The annual World Octopus Wrestling Championships was held in Puget Sound, Washington. The event was televised and attracted up to 5,000 spectators in the 1960s.

FUN FACTS

According to Hawaiian mythology, the octopus is the only surviving member of a previous version of Earth.

In Japan you can get octopus flavored ice cream.

Source The Independent

Sunday, 27 April 2014

Clam

The record for the longest-lived animal belongs to a ocean quahog - a type of deep-sea clam - that was 507-years-old when it died in 2006. Ming the Mollusc – named after the Chinese dynasty on the throne when its life began - was dredged alive from the bottom of the North Atlantic near Iceland in 2006 by researchers. They then put it in a freezer, as is normal practice, unaware of its age.  It was only when it was taken to a laboratory that scientists from Bangor University studied it and concluded it was hundreds of years old.  The discovery made it into the Guinness Book of World Records however by this time, sadly it was too late for Ming the Mollusc.
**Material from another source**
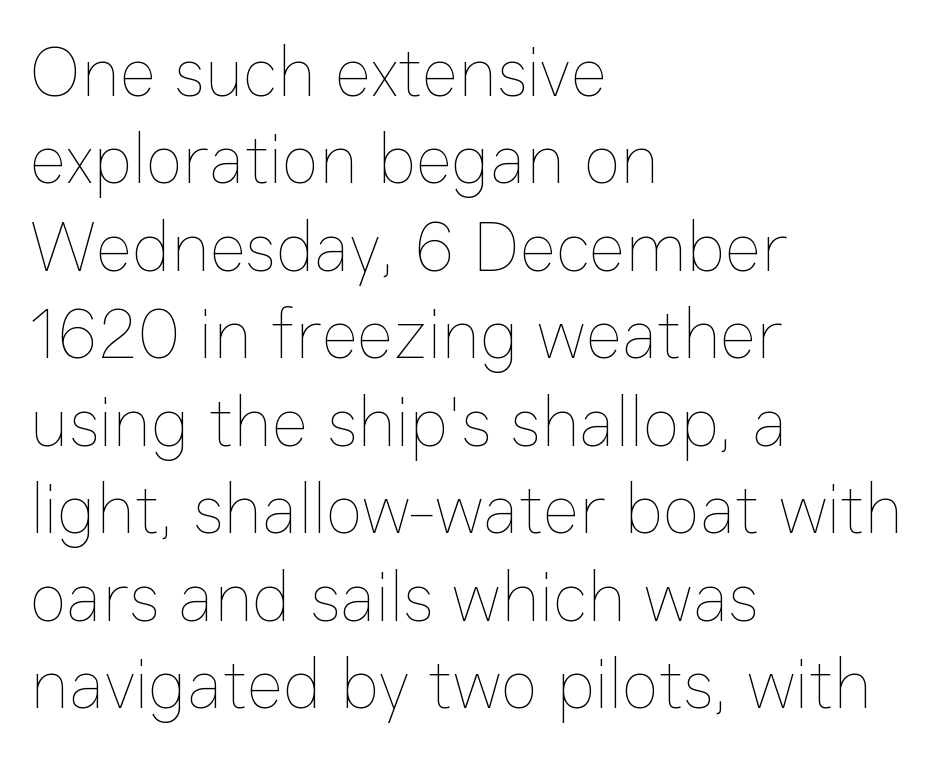
The image shows 70 px thin type, upright; set left-aligned, normal line spacing (1.25x), normal letter spacing, not underlined; low stroke contrast and a medium x-height.

Left valve of the shell of /Ming, https://journals.uair.arizona.edu/index.php/radiocarbon/article/view/3222/pdf

The Deep Sea Clam of the North Atlantic takes around 100 years to reach the length of just one third of an inch.

The world’s largest clams weigh almost 500 pounds.

The saying, "Happy as a Clam" is short for "Happy as a Clam at High Tide," since they have no predators that attack during high tide and can roam around freely.

Once a giant clam picks a spot to live on a reef, it does not move for the rest of its life.

Clams feed on plankton by drawing in water containing food using an incurrent siphon. The food is then filtered out of the water by the gills and swept toward the mouth on a layer of mucus. The water is then expelled from the animal by an ex-current siphon.

Clams are considered non-kosher along with all other shellfish.

The clam shell has three layers. The top one is called mother-of-pearl because it is a coating of pearl material.

Sea silk is an extremely fine, rare, and valuable fabric made from the long silky filaments which are secreted by a gland in the foot of a clam (Pinna nobilis) to anchor itself to the ocean floor. The material has been used since ancient times by Greek, Roman and Chinese cultures.

Clams do not have any of the five senses - smell, taste, sight, hearing, and feeling.